> **Aim of the task**: The answer must be an exact copy of the records below, with every picture left out.
-- -- --
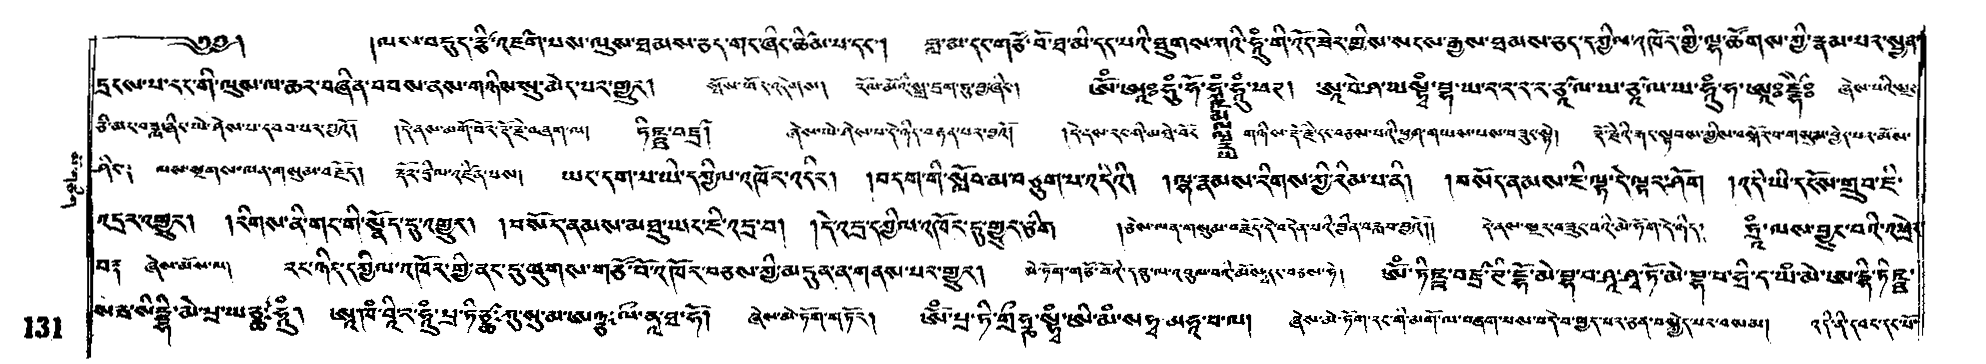༄༅། །ལས་བདུད་རྩི་འཛག་པས་ལུས་ཐམས་ཅད་གང་ཞིང་ཚིམ་པ་དང་། བླ་མ་དང་གཙོ་བོ་ཐ་མི་དད་པའི་ཐུགས་ཀའི་ཧཱུཾ་གི་འོད་ཟེར་གྱིས་སངས་རྒྱས་ཐམས་ཅད་དཀྱིལ་འཁོར་གྱི་ལྷ་ཚོགས་ཀྱི་རྣམ་པར་སྤྱན་
དྲངས་པ་རང་གི་ལུས་ལ་ཆར་བཞིན་བབས་ནས་གཉིས་སུ་མེད་པར་གྱུར། སྤོས་ཕོར་འདེགས། རོལ་མོའི་སྒྲ་དྲག་ཏུ་བྱ་ཞིང་།  ཨོཾ་ཨཱཿ ཧུཾ་ཧོ་ཧྐྵྨླླྭརྱཾ་ཧཱུཾ་ཕཊ། ཨཱ་བེ་ཤ་ཡསྟྭཾ་བྷ་ཡ་ར་ར་ར་ར་ཙཱ་ལ་ཡ་ཙཱ་ལ་ཡ་ཧཱུཾ་ཧ་ཨཱཿ ཛྷཻཿ ཞེས་པའི་སྔར་
ཅི་མང་བཟླ་ཞིང་ཡེ་ཤེས་པ་དབབ་པར་བྱའོ། །དེ་ནས་མགོ་པོར་རྡོ་རྗེ་བཞག་ལ། ཏིཥཊཿཨ་བཛྲ། ཞེས་ཡེ་ཤེས་པ་དེ་ཉིད་བརྟན་པར་བྱའོ། །དེ་ནས་རང་གི་མཐེ་བོང་གཉིས་རྡོ་རྗེ་དང་བཅས་པའི་ཕྱག་གཡས་པས་བཟུང་སྟེ། རྡོ་རྗེའི་རྐང་སྟབས་ཀྱིས་བསྐོར་བ་གསུམ་བྱེད་པར་མོས་
ཤིང༑ ལས་སྔགས་ལན་གསུམ་བརྗོད། རྡོར་དྲིལ་འཛིན་པས། ཡང་དག་པ་ཡི་དཀྱིལ་འཁོར་འདིར། །བདག་གི་སློབ་མ་བཅུག་པ་འདིའི། །ལྷ་རྣམས་རིགས་ཀྱི་རིམ་པ་ནི། །བསོད་ནམས་ཇི་ལྟ་དེ་ལྟར་ཤོག །འདི་ཡི་དངོས་གྲུབ་ཇི་
འདྲར་འགྱུར། །རིགས་ནི་གང་གི་སྣོད་དུ་འགྱུར། །བསོད་ནམས་མཐུ་ཡང་ཇི་འདྲ་བ། །དེ་འདྲ་དཀྱིལ་འཁོར་དུ་གྱུར་ཅིག ། ཅེས་ལན་གསུམ་བརྗོད་དེ་བདེན་པའི་བྱིན་བརླབ་བྱའོ།། དེ་ནས་སྔར་བཟུང་བའི་མེ་ཏོག་དེ་ཉིད།  ཏྲཱཾ་ལས་བྱུང་བའི་འཕྲེང་
བ༑ ཞེས་མོས་ལ།  རང་ཉིད་དཀྱིལ་འཁོར་གྱི་ནང་དུ་ཞུགས་གཙོ་བོ་འཁོར་བཅས་ཀྱི་མདུན་ན་གནས་པར་གྱུར། མེ་ཏོག་གཙོ་བོའི་དབུ་ལ་འབུལ་བའི་མོས་པ་དང་བཅས་ཏེ།  ཨོཾ་ཏིཥྚྷ་བཛྲ་ཊི་དྷོ་མེ་བྷ་བ་ཤཱ་ཤྭ་ཏོ་མེ་བྷ་བ་ཧྲི་ད་ཡཾ་མེ་ཨ་དྷི་ཏིཥཊཿཨ་
སརྦ་སིདྡྷི་མེ་པྲ་ཡཙྪ་ཧཱུཾ། ཨཱ་ཁཾ་བཱི་ར་ཧཱུཾ་པྲ་ཏིཙྪ་ཀུ་སུ་མ་ཨཉྩ་ལྀ་ནཱ་ཐ་ཧོ། ཞེས་མེ་ཏོག་གཏོར།  ཨོཾ་པྲ་ཏི་གྲྀཧྞ་སྟྭཾ་ཨི་མཾ་སཏྭ་མཧཱ་བ་ལ། ཞེས་མེ་ཏོག་རང་གི་མགོ་ལ་བཞག་པས་བདེ་བ་ཁྱད་པར་ཅན་བསྐྱེད་པར་བསམ། འདི་ནི་དབང་དང་པོ་
-- -- --
> **Solution for this problem**:
༄༅། །ལས་བདུད་རྩི་འཛག་པས་ལུས་ཐམས་ཅད་གང་ཞིང་ཚིམ་པ་དང་། བླ་མ་དང་གཙོ་བོ་ཐ་མི་དད་པའི་ཐུགས་ཀའི་ཧཱུཾ་གི་འོད་ཟེར་གྱིས་སངས་རྒྱས་ཐམས་ཅད་དཀྱིལ་འཁོར་གྱི་ལྷ་ཚོགས་ཀྱི་རྣམ་པར་སྤྱན་
དྲངས་པ་རང་གི་ལུས་ལ་ཆར་བཞིན་བབས་ནས་གཉིས་སུ་མེད་པར་གྱུར། སྤོས་ཕོར་འདེགས། རོལ་མོའི་སྒྲ་དྲག་ཏུ་བྱ་ཞིང་།  ཨོཾ་ཨཱཿ ཧུཾ་ཧོ་ཧྐྵྨླླྭརྱཾ་ཧཱུཾ་ཕཊ། ཨཱ་བེ་ཤ་ཡསྟྭཾ་བྷ་ཡ་ར་ར་ར་ར་ཙཱ་ལ་ཡ་ཙཱ་ལ་ཡ་ཧཱུཾ་ཧ་ཨཱཿ ཛྷཻཿ ཞེས་པའི་སྔར་
ཅི་མང་བཟླ་ཞིང་ཡེ་ཤེས་པ་དབབ་པར་བྱའོ། །དེ་ནས་མགོ་པོར་རྡོ་རྗེ་བཞག་ལ། ཏིཥཊཿཨ་བཛྲ། ཞེས་ཡེ་ཤེས་པ་དེ་ཉིད་བརྟན་པར་བྱའོ། །དེ་ནས་རང་གི་མཐེ་བོང་གཉིས་རྡོ་རྗེ་དང་བཅས་པའི་ཕྱག་གཡས་པས་བཟུང་སྟེ། རྡོ་རྗེའི་རྐང་སྟབས་ཀྱིས་བསྐོར་བ་གསུམ་བྱེད་པར་མོས་
ཤིང༑ ལས་སྔགས་ལན་གསུམ་བརྗོད། རྡོར་དྲིལ་འཛིན་པས། ཡང་དག་པ་ཡི་དཀྱིལ་འཁོར་འདིར། །བདག་གི་སློབ་མ་བཅུག་པ་འདིའི། །ལྷ་རྣམས་རིགས་ཀྱི་རིམ་པ་ནི། །བསོད་ནམས་ཇི་ལྟ་དེ་ལྟར་ཤོག །འདི་ཡི་དངོས་གྲུབ་ཇི་
འདྲར་འགྱུར། །རིགས་ནི་གང་གི་སྣོད་དུ་འགྱུར། །བསོད་ནམས་མཐུ་ཡང་ཇི་འདྲ་བ། །དེ་འདྲ་དཀྱིལ་འཁོར་དུ་གྱུར་ཅིག ། ཅེས་ལན་གསུམ་བརྗོད་དེ་བདེན་པའི་བྱིན་བརླབ་བྱའོ།། དེ་ནས་སྔར་བཟུང་བའི་མེ་ཏོག་དེ་ཉིད།  ཏྲཱཾ་ལས་བྱུང་བའི་འཕྲེང་
བ༑ ཞེས་མོས་ལ།  རང་ཉིད་དཀྱིལ་འཁོར་གྱི་ནང་དུ་ཞུགས་གཙོ་བོ་འཁོར་བཅས་ཀྱི་མདུན་ན་གནས་པར་གྱུར། མེ་ཏོག་གཙོ་བོའི་དབུ་ལ་འབུལ་བའི་མོས་པ་དང་བཅས་ཏེ།  ཨོཾ་ཏིཥྚྷ་བཛྲ་ཊི་དྷོ་མེ་བྷ་བ་ཤཱ་ཤྭ་ཏོ་མེ་བྷ་བ་ཧྲི་ད་ཡཾ་མེ་ཨ་དྷི་ཏིཥཊཿཨ་
སརྦ་སིདྡྷི་མེ་པྲ་ཡཙྪ་ཧཱུཾ། ཨཱ་ཁཾ་བཱི་ར་ཧཱུཾ་པྲ་ཏིཙྪ་ཀུ་སུ་མ་ཨཉྩ་ལྀ་ནཱ་ཐ་ཧོ། ཞེས་མེ་ཏོག་གཏོར།  ཨོཾ་པྲ་ཏི་གྲྀཧྞ་སྟྭཾ་ཨི་མཾ་སཏྭ་མཧཱ་བ་ལ། ཞེས་མེ་ཏོག་རང་གི་མགོ་ལ་བཞག་པས་བདེ་བ་ཁྱད་པར་ཅན་བསྐྱེད་པར་བསམ། འདི་ནི་དབང་དང་པོ་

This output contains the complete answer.